> INPUT FOR THIS TASK:
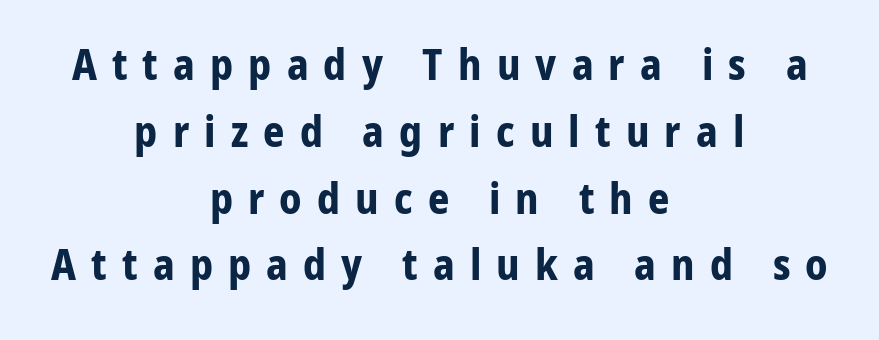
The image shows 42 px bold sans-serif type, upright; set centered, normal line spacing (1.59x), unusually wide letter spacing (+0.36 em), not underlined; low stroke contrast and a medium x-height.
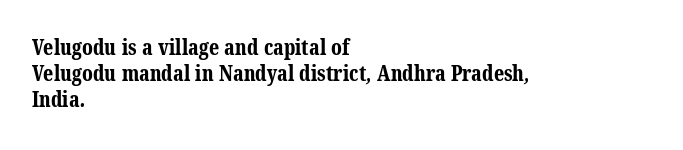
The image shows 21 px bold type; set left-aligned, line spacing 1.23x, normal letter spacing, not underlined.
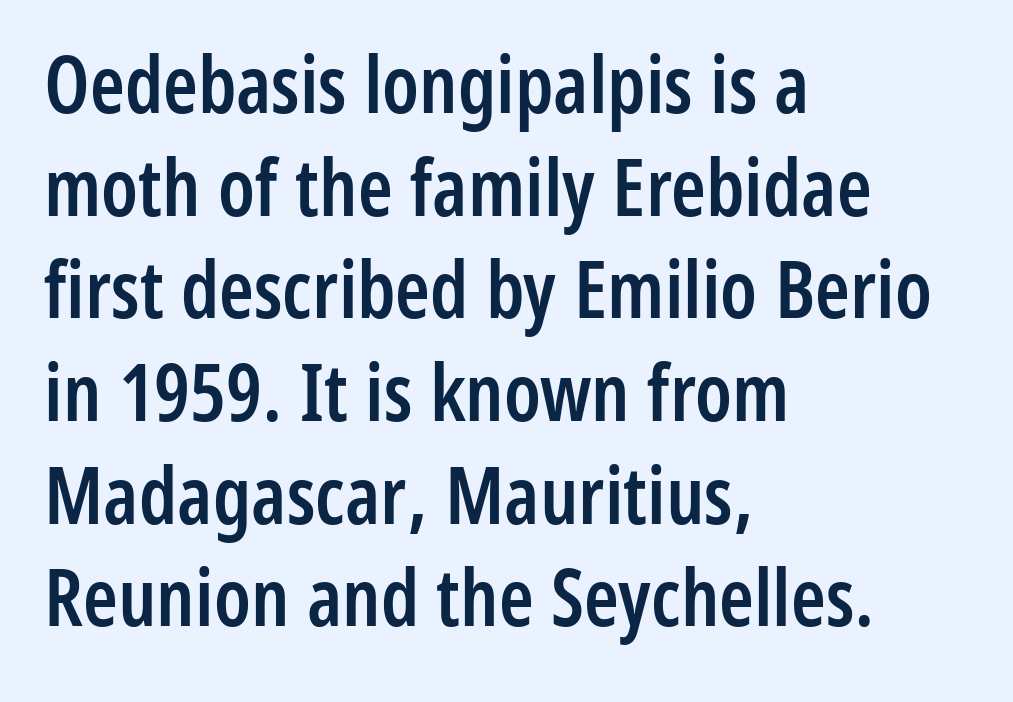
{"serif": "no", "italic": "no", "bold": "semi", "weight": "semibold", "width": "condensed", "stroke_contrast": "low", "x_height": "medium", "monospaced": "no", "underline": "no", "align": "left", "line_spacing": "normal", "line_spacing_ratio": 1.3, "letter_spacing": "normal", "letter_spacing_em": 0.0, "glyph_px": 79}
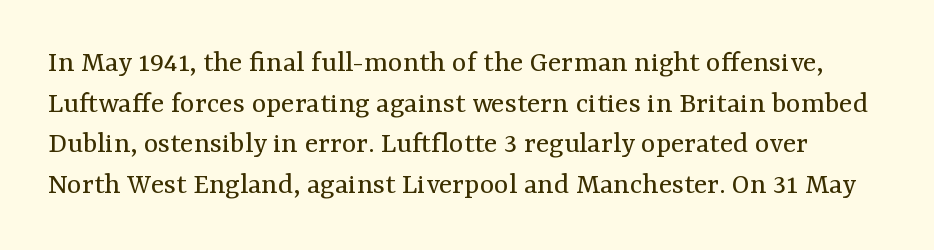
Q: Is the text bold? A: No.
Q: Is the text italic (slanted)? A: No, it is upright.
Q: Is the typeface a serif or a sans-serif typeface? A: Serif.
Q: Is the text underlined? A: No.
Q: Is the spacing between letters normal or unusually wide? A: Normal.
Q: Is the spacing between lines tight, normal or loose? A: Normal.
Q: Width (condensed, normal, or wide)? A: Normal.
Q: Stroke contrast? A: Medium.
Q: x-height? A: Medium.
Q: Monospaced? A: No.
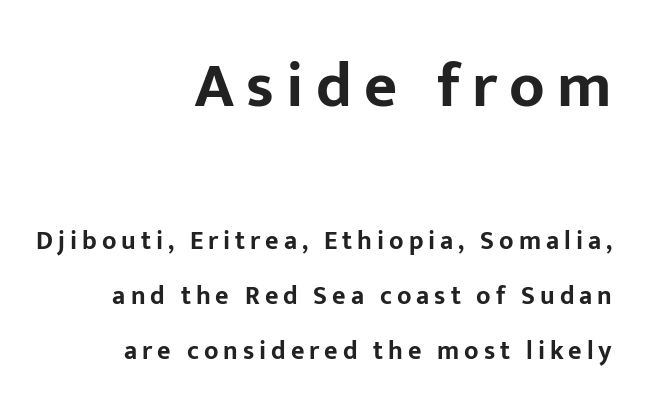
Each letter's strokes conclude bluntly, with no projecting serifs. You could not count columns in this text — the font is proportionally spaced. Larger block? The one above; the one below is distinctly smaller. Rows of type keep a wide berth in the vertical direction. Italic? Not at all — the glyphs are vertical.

> WHAT YOU SHOULD DO:
Restate, exactly as they appear, the line with "Q: Width (condensed, normal, or" and all the lines after it up to the end of the data above; images do not belong in the copy.

> SOLUTION:
Q: Width (condensed, normal, or wide)? A: Normal.
Q: Stroke contrast? A: Medium.
Q: x-height? A: Medium.
Q: Monospaced? A: No.
Each letter's strokes conclude bluntly, with no projecting serifs. You could not count columns in this text — the font is proportionally spaced. Larger block? The one above; the one below is distinctly smaller. Rows of type keep a wide berth in the vertical direction. Italic? Not at all — the glyphs are vertical.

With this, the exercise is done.